Repeat each entry exactly, but do not carry over the pictures.
Input data Block Start
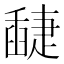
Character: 𦦘
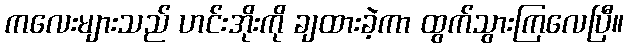
ကလေးများသည် ဟင်းအိုးကို ချထားခဲ့ကာ ထွက်သွားကြလေပြီ။
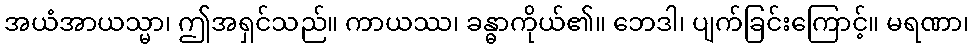
အယံအာယသ္မာ၊ ဤအရှင်သည်။ ကာယဿ၊ ခန္ဓာကိုယ်၏။ ဘေဒါ၊ ပျက်ခြင်းကြောင့်။ မရဏာ၊
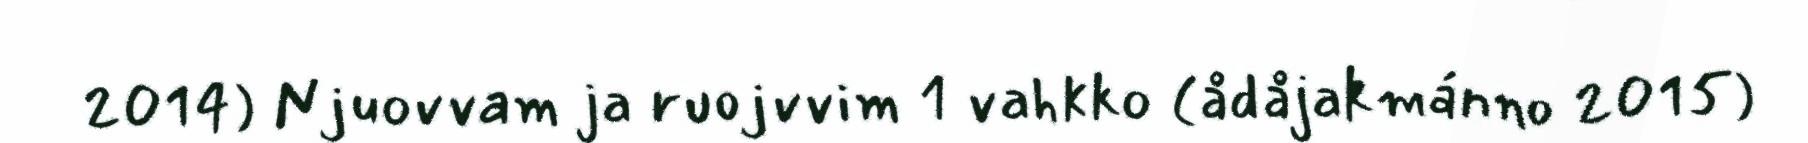
2014) Njuovvam ja ruojvvim 1 vahkko (ådåjakmánno 2015)
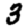
Digit: 3
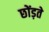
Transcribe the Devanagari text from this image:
छोंड़ते
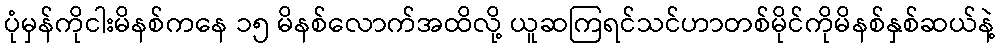
ပုံမှန်ကိုငါးမိနစ်ကနေ ၁၅ မိနစ်လောက်အထိလို့ ယူဆကြရင်သင်ဟာတစ်မိုင်ကိုမိနစ်နှစ်ဆယ်နဲ့
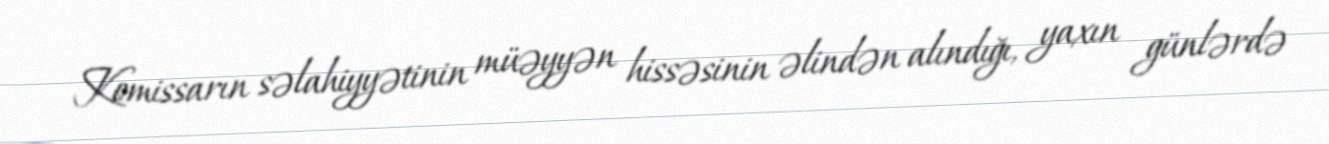
Komissarın səlahiyyətinin müəyyən hissəsinin əlindən alındığı, yaxın günlərdə
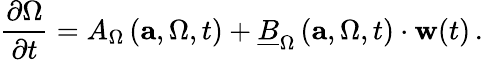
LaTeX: \frac{\partial\Omega}{\partial t}=A_{\Omega}\left(\mathbf{a},\Omega,t\right)+\underline{{B}}_{\Omega}\left(\mathbf{a},\Omega,t\right)\cdot\mathbf{w}(t)\, .
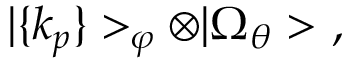
| \{ k _ { p } \} > _ { \varphi } \otimes | \Omega _ { \theta } > \ ,
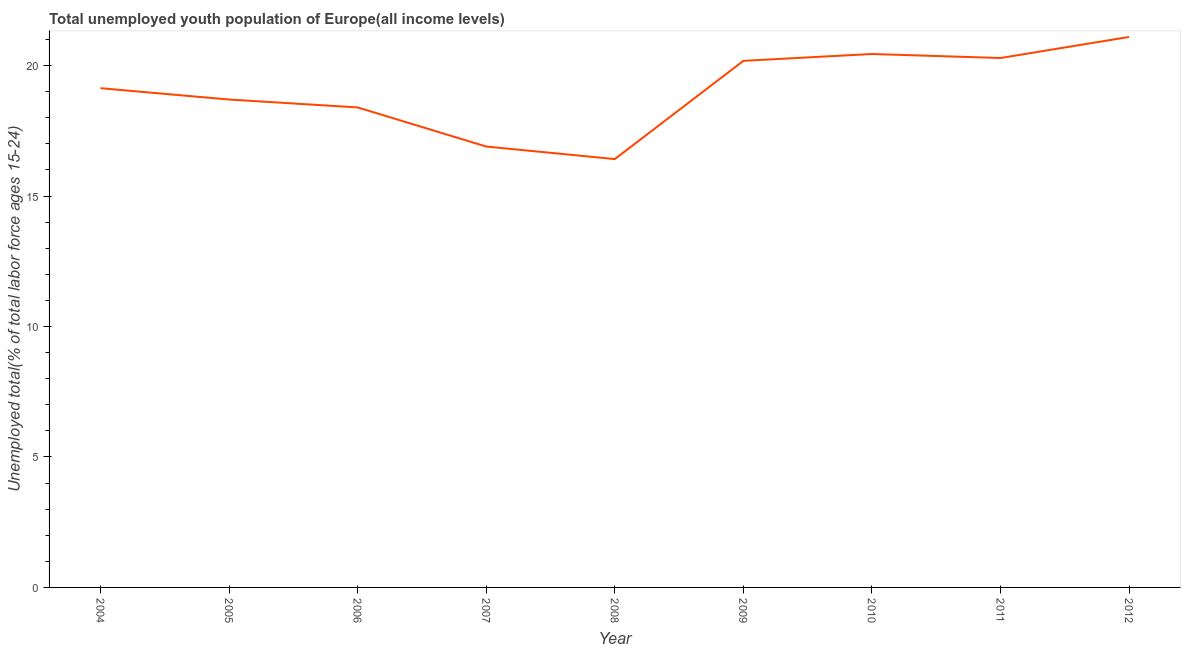
| Year | Unemployment youth total |
 | --- | --- |
 | 2004 | 19.1 |
 | 2005 | 18.7 |
 | 2006 | 18.4 |
 | 2007 | 16.9 |
 | 2008 | 16.4 |
 | 2009 | 20.2 |
 | 2010 | 20.4 |
 | 2011 | 20.3 |
 | 2012 | 21.1 |
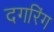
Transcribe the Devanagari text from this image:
दगरिंग
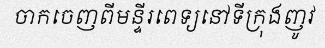
ចាកចេញពីមន្ទីរពេទ្យនៅទីក្រុងញូវ
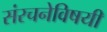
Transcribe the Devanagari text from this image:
संरचनेविषयी
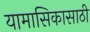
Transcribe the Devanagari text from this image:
यामासिकासाठी
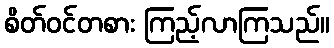
စိတ်ဝင်တစား ကြည့်လာကြသည်။
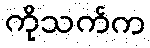
ကိုသက်က
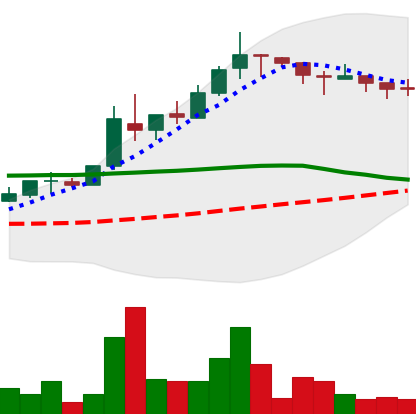
Ticker: TRX-USD
Chart end date: 2018-05-08
Forward return: -8.978%
Label: down_7plus
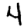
Input data Block End
— Answer for this exercise —
Character: 𦦘
ကလေးများသည် ဟင်းအိုးကို ချထားခဲ့ကာ ထွက်သွားကြလေပြီ။
အယံအာယသ္မာ၊ ဤအရှင်သည်။ ကာယဿ၊ ခန္ဓာကိုယ်၏။ ဘေဒါ၊ ပျက်ခြင်းကြောင့်။ မရဏာ၊
2014) Njuovvam ja ruojvvim 1 vahkko (ådåjakmánno 2015)
Digit: 3
Transcribe the Devanagari text from this image:
छोंड़ते
ပုံမှန်ကိုငါးမိနစ်ကနေ ၁၅ မိနစ်လောက်အထိလို့ ယူဆကြရင်သင်ဟာတစ်မိုင်ကိုမိနစ်နှစ်ဆယ်နဲ့
Komissarın səlahiyyətinin müəyyən hissəsinin əlindən alındığı, yaxın günlərdə
LaTeX: \frac{\partial\Omega}{\partial t}=A_{\Omega}\left(\mathbf{a},\Omega,t\right)+\underline{{B}}_{\Omega}\left(\mathbf{a},\Omega,t\right)\cdot\mathbf{w}(t)\, .
| \{ k _ { p } \} > _ { \varphi } \otimes | \Omega _ { \theta } > \ ,
| Year | Unemployment youth total |
 | --- | --- |
 | 2004 | 19.1 |
 | 2005 | 18.7 |
 | 2006 | 18.4 |
 | 2007 | 16.9 |
 | 2008 | 16.4 |
 | 2009 | 20.2 |
 | 2010 | 20.4 |
 | 2011 | 20.3 |
 | 2012 | 21.1 |
Transcribe the Devanagari text from this image:
दगरिंग
ចាកចេញពីមន្ទីរពេទ្យនៅទីក្រុងញូវ
Transcribe the Devanagari text from this image:
संरचनेविषयी
Transcribe the Devanagari text from this image:
यामासिकासाठी
စိတ်ဝင်တစား ကြည့်လာကြသည်။
ကိုသက်က
Ticker: TRX-USD
Chart end date: 2018-05-08
Forward return: -8.978%
Label: down_7plus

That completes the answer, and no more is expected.